Allegiance or Accident? The Supreme Court and Birthright Citizenship

Legal scholar William J. Watkins, Jr. examines the constitutional history of birthright citizenship and offers his prediction for how the Supreme Court may rule on the challenge to Executive Order 14160.

Is it sufficient for a child to be physically born in the United States to claim citizenship? That is the question the Supreme Court will decide this term. The decision could affect the status of millions, deter or encourage future illegal immigration, and reframe the public’s understanding of what true citizenship entails. 

The operative language for the Court’s interpretation is Section 1 of the Fourteenth Amendment:

“All persons born or naturalized in the United States, and subject to the jurisdiction thereof, are citizens of the United States.”

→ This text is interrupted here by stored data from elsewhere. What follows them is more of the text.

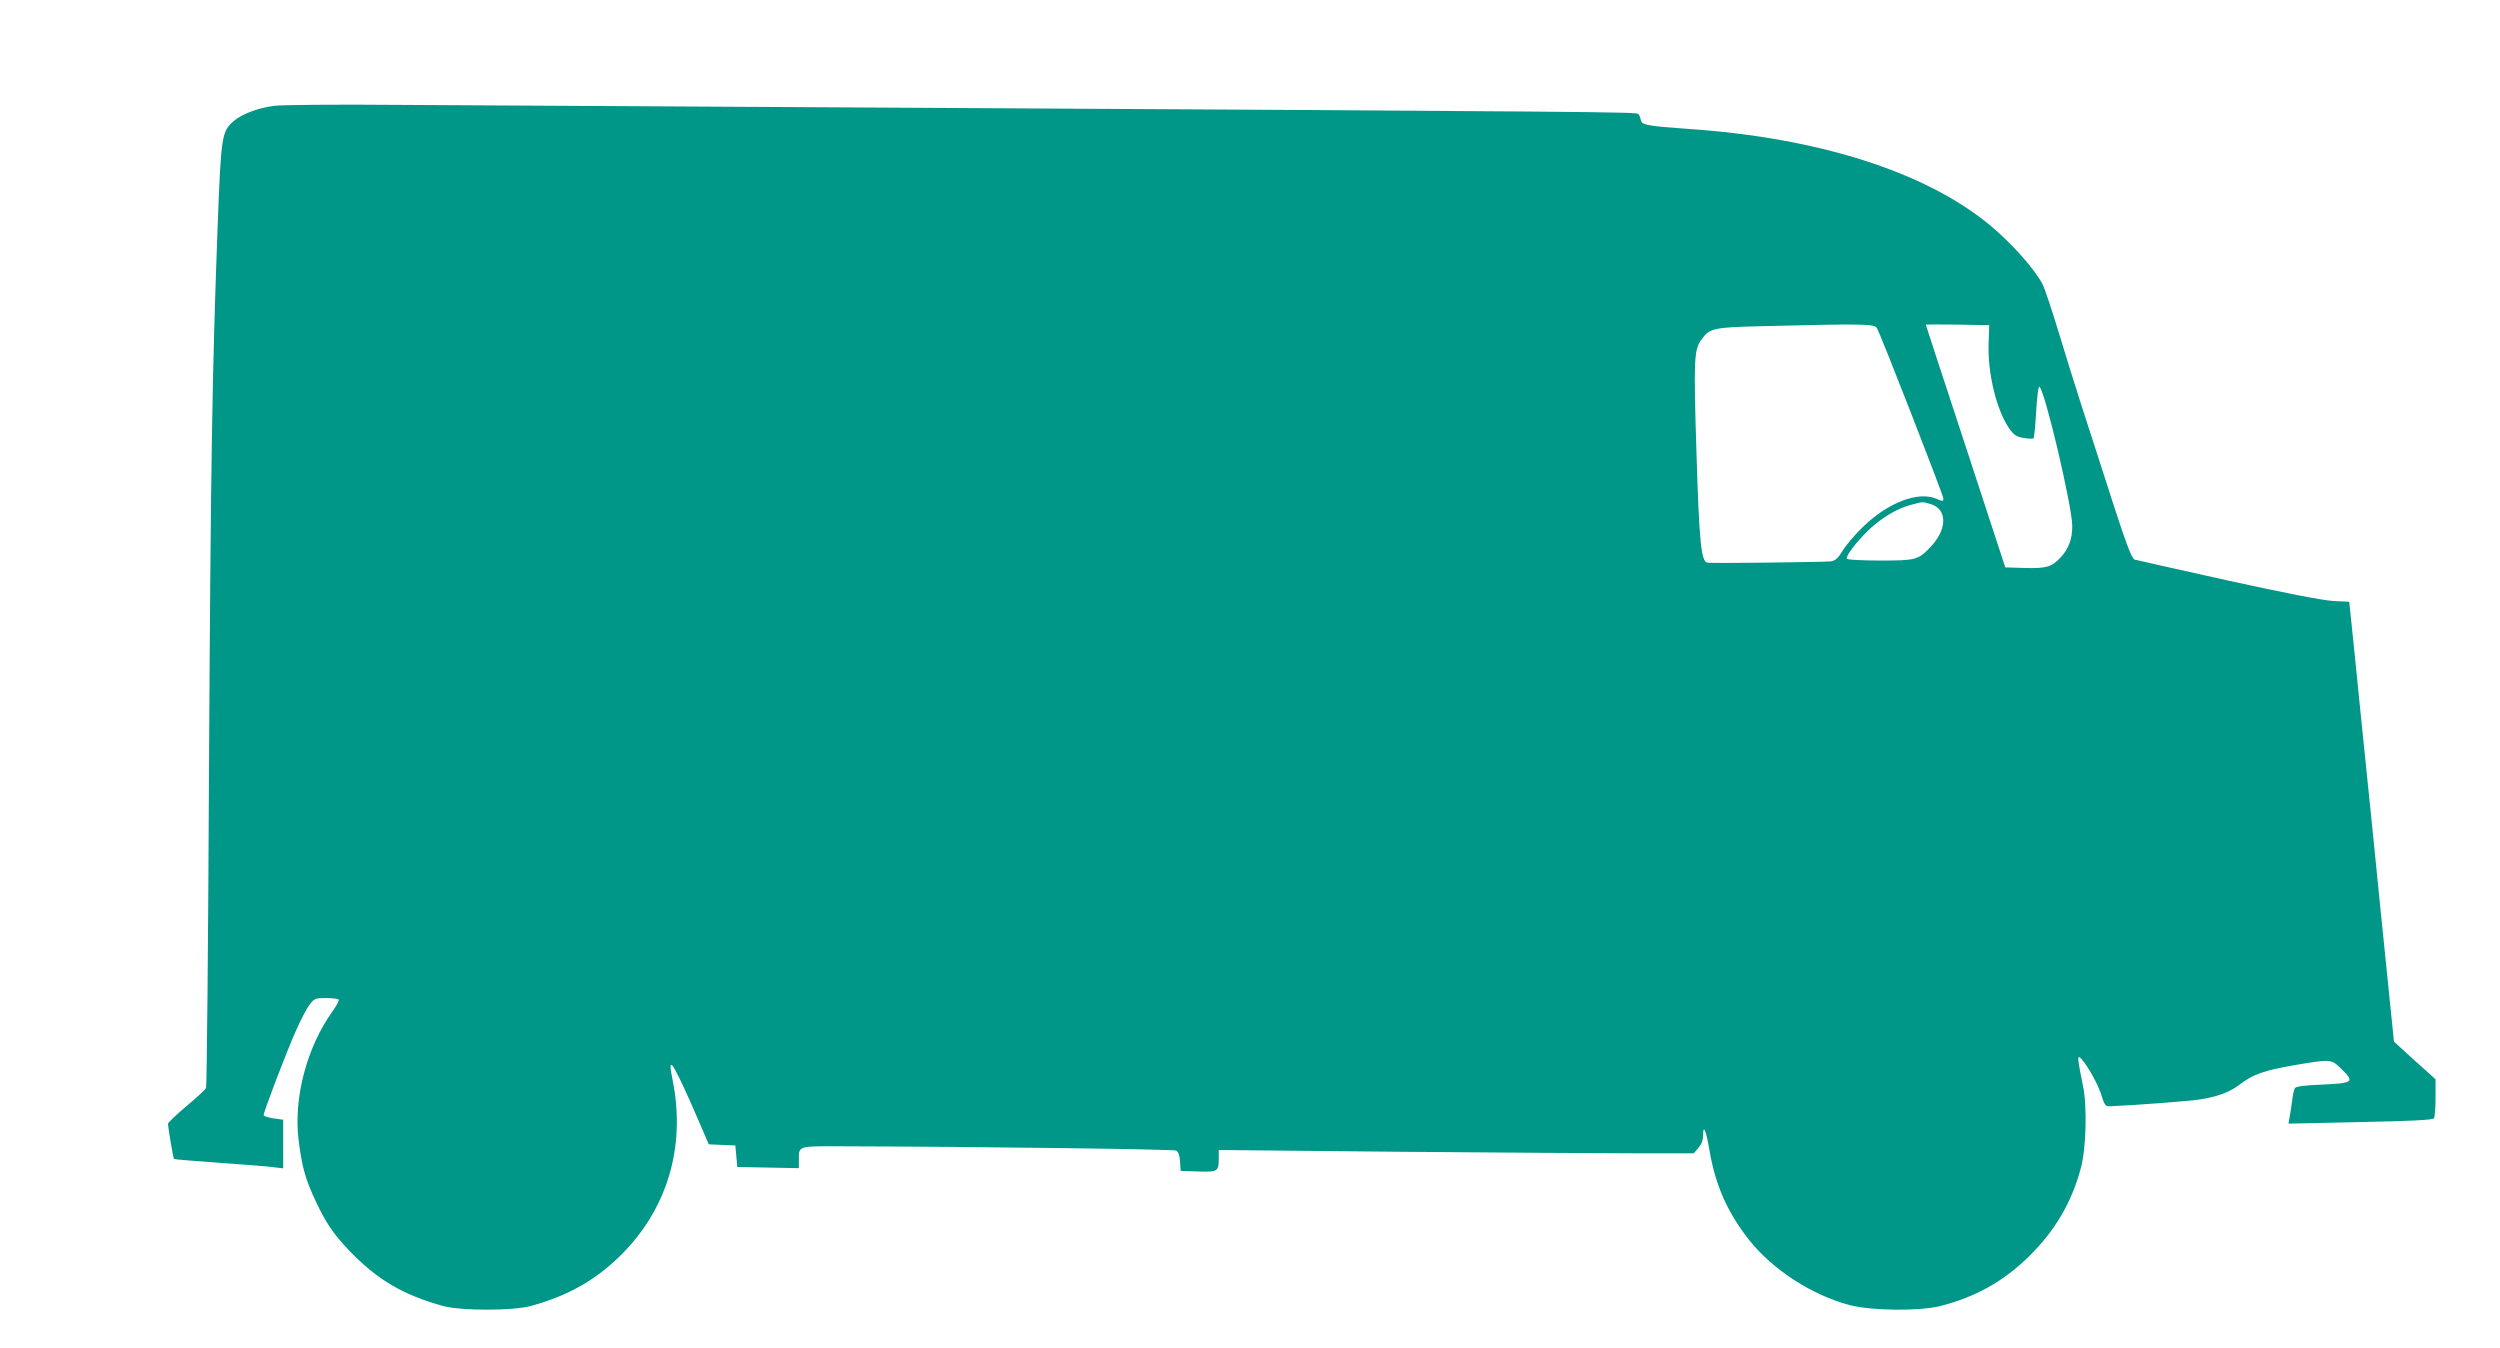 <?xml version="1.0" standalone="no"?>
<!DOCTYPE svg PUBLIC "-//W3C//DTD SVG 20010904//EN"
 "http://www.w3.org/TR/2001/REC-SVG-20010904/DTD/svg10.dtd">
<svg version="1.0" xmlns="http://www.w3.org/2000/svg"
 width="1280pt" height="690pt" viewBox="0 0 1280 690"
 preserveAspectRatio="xMidYMid meet">
<g transform="translate(0,690) scale(0.1,-0.1)"
fill="#009688" stroke="none">
<path d="M1402 6358 c-83 -11 -166 -43 -207 -79 -59 -53 -63 -74 -80 -519 -29
-776 -36 -1215 -45 -2810 -4 -883 -11 -1612 -15 -1620 -3 -8 -49 -51 -101 -94
-52 -44 -94 -84 -94 -90 1 -21 27 -177 31 -180 2 -2 110 -11 239 -20 129 -9
254 -19 278 -23 l42 -5 0 125 0 124 -50 7 c-27 4 -50 11 -50 17 0 17 114 316
163 427 25 57 57 119 72 138 24 32 30 34 85 34 32 0 61 -4 64 -8 3 -5 -11 -31
-30 -58 -133 -184 -202 -446 -175 -662 16 -133 35 -201 86 -309 54 -115 91
-170 174 -257 142 -148 276 -227 481 -283 93 -25 358 -25 450 1 185 51 321
127 449 250 245 237 344 560 275 905 -27 130 -5 104 90 -109 35 -80 71 -162
79 -182 l16 -37 68 -3 68 -3 5 -55 5 -55 158 -3 157 -3 0 43 c0 72 -6 70 221
69 721 -2 1697 -15 1711 -22 11 -6 18 -24 20 -57 l3 -47 89 -3 c101 -3 106 0
106 66 l0 44 918 -9 c504 -4 1051 -8 1215 -8 l299 0 24 28 c16 19 24 40 24 65
0 60 16 23 33 -81 31 -178 92 -315 202 -455 121 -153 322 -283 515 -334 111
-29 356 -32 464 -5 178 45 322 125 452 252 135 132 221 278 268 455 27 100 33
314 11 420 -26 126 -29 154 -18 147 25 -16 89 -124 109 -185 20 -63 23 -67 50
-66 139 6 411 27 459 35 93 15 152 38 202 76 69 53 125 72 278 99 190 32 191
32 242 -18 71 -70 66 -74 -116 -82 -72 -3 -117 -9 -121 -17 -4 -6 -11 -35 -14
-63 -4 -28 -9 -66 -13 -85 l-6 -34 369 8 c257 5 371 11 376 19 4 6 8 54 8 106
l0 94 -62 56 c-34 30 -82 73 -106 96 l-45 41 -38 374 c-21 206 -52 509 -68
674 -17 165 -49 478 -71 695 -22 217 -42 421 -46 452 l-6 57 -81 4 c-54 3
-242 39 -541 105 -252 56 -467 104 -477 107 -14 5 -42 77 -115 303 -52 163
-122 378 -154 477 -32 99 -86 272 -120 385 -34 113 -71 221 -80 241 -42 81
-159 213 -275 309 -330 271 -876 445 -1542 490 -209 15 -237 20 -242 45 -2 11
-7 25 -12 31 -9 11 -118 12 -4034 34 -957 5 -1999 11 -2315 13 -316 3 -603 0
-638 -5z m8208 -1138 c23 -42 340 -856 340 -872 0 -16 -3 -16 -37 -1 -93 38
-244 -19 -372 -142 -42 -40 -89 -96 -106 -123 -23 -39 -37 -52 -60 -56 -26 -4
-600 -11 -632 -7 -33 3 -43 101 -57 561 -15 476 -13 529 25 581 42 59 62 63
309 69 526 13 578 12 590 -10z m572 -71 c-7 -156 39 -347 106 -444 23 -32 36
-41 71 -47 24 -4 47 -5 52 -3 4 3 10 64 14 135 4 72 11 130 16 130 24 0 169
-611 169 -715 0 -63 -18 -113 -56 -155 -48 -53 -75 -61 -188 -58 l-99 3 -203
620 c-112 341 -204 621 -204 623 0 1 73 1 163 0 l162 -3 -3 -86z m-300 -829
c90 -25 90 -130 0 -223 -62 -64 -73 -67 -256 -67 -91 0 -167 4 -170 9 -8 12
49 87 110 146 66 63 144 110 214 129 68 18 58 18 102 6z"/>
</g>
</svg>

The language I have italicized is the root of the argument.

Does it mean something as simple as territorial jurisdiction? For example, under international law an American citizen who willfully travels to Moscow is subject to the criminal laws of Russia. (Women's National Basketball Association star Brittney Griner got a lesson in that principle a few years back when she brought cannabis oil into Russia.) Or does the language mean something more?

The primary purpose of the Fourteenth Amendment was to provide a constitutional foundation for the Civil Rights Act of 1866, a central tenet of which was citizenship of the newly freed slaves. 

As the first section of the Act averred:

“[t]hat all persons born in the United States and not subject to any foreign power . . . are hereby declared to be citizens of the United States.”

One is subject to a foreign power if one owes it allegiance. A child born to parents who are citizens of, say, Mexico is assumed under international law to owe primary allegiance to Mexico. 

Emmerich de Vattel, whose 1758 book The Law of Nations was revered by the Constitution’s framers, explained the accepted rule as follows: "The natives, or natural-born citizens, are those born in the country of parents who are citizens. As the society cannot exist and perpetuate itself otherwise than by the children of the citizens, those children naturally follow the condition of their fathers, and succeed to all their rights.” Thus, a child’s birth on American soil does not affect the parents’ nor the child’s allegiance.

Senator Lyman Trumbull, who drafted the citizenship language of the Civil Rights Act, was asked on the Senate floor what the Fourteenth Amendment’s revised language meant. He responded that “subject to the jurisdiction thereof” meant “[n]ot owing allegiance to anyone else. That is what it means.” He further pointed out that American Indians, though born on American soil, would not automatically be citizens under the Amendment because they owed allegiance to their tribes. Their place of birth was not determinative.

Representative John Bingham, a sponsor and draftsman of the Fourteenth Amendment, was clear in his speeches that “every human being born within the jurisdiction of the United States of parents not owing allegiance to any foreign sovereignty is . . . a natural-born citizen.”

In the 1873 Slaughter-House Cases, which were decided five years after the ratification of the Fourteenth Amendment, the Supreme Court interpreted “subject to its jurisdiction” as “exclud[ing] from its operation children of ministers, consuls, and citizens or subjects of foreign States born within the United States.” Eleven years later the Court affirmed this initial interpretation in the 1884 case Elk v. Wilkins, when it held that the operative language means “not merely subject in some respect or degree to the jurisdiction of the United States, but completely subject to their political jurisdiction and owing them direct and immediate allegiance.” 

Things become more complicated in 1898 with United States v. Wong Kim Ark, when the Court held that a child born in the United States to permanent legal residents was a citizen even though his parents were subjects of the emperor of China. There was a strong dissent from Chief Justice Melville Fuller, who cited de Vattel and protested the Court’s novel interpretation. 

So what will the Roberts Court do? The correct course would be to adopt the interpretation of the Amendment’s framers which is grounded in de Vattel: If a newborn’s parents are citizens or subjects of a foreign government, then the child is not subject to the jurisdiction of the United States. 

The Court, however, will probably craft a rule that preserves Wong Kim Ark but also rejects pure birthright citizenship. If the child’s parents have legal status in the United States, though still maintaining foreign citizenship, the Court will likely find the child to be an American citizen if born here. But, if the parents are here illegally, then birth in American territory will not be enough.

William J. Watkins, Jr. is a Research Fellow at the Independent Institute and author of The Independent Guide to the Constitution and Crossroads for Liberty: Recovering the Anti-Federalist Values of America’s First Constitution. He has served as a prosecutor and defense lawyer and has practiced in various state and federal courts.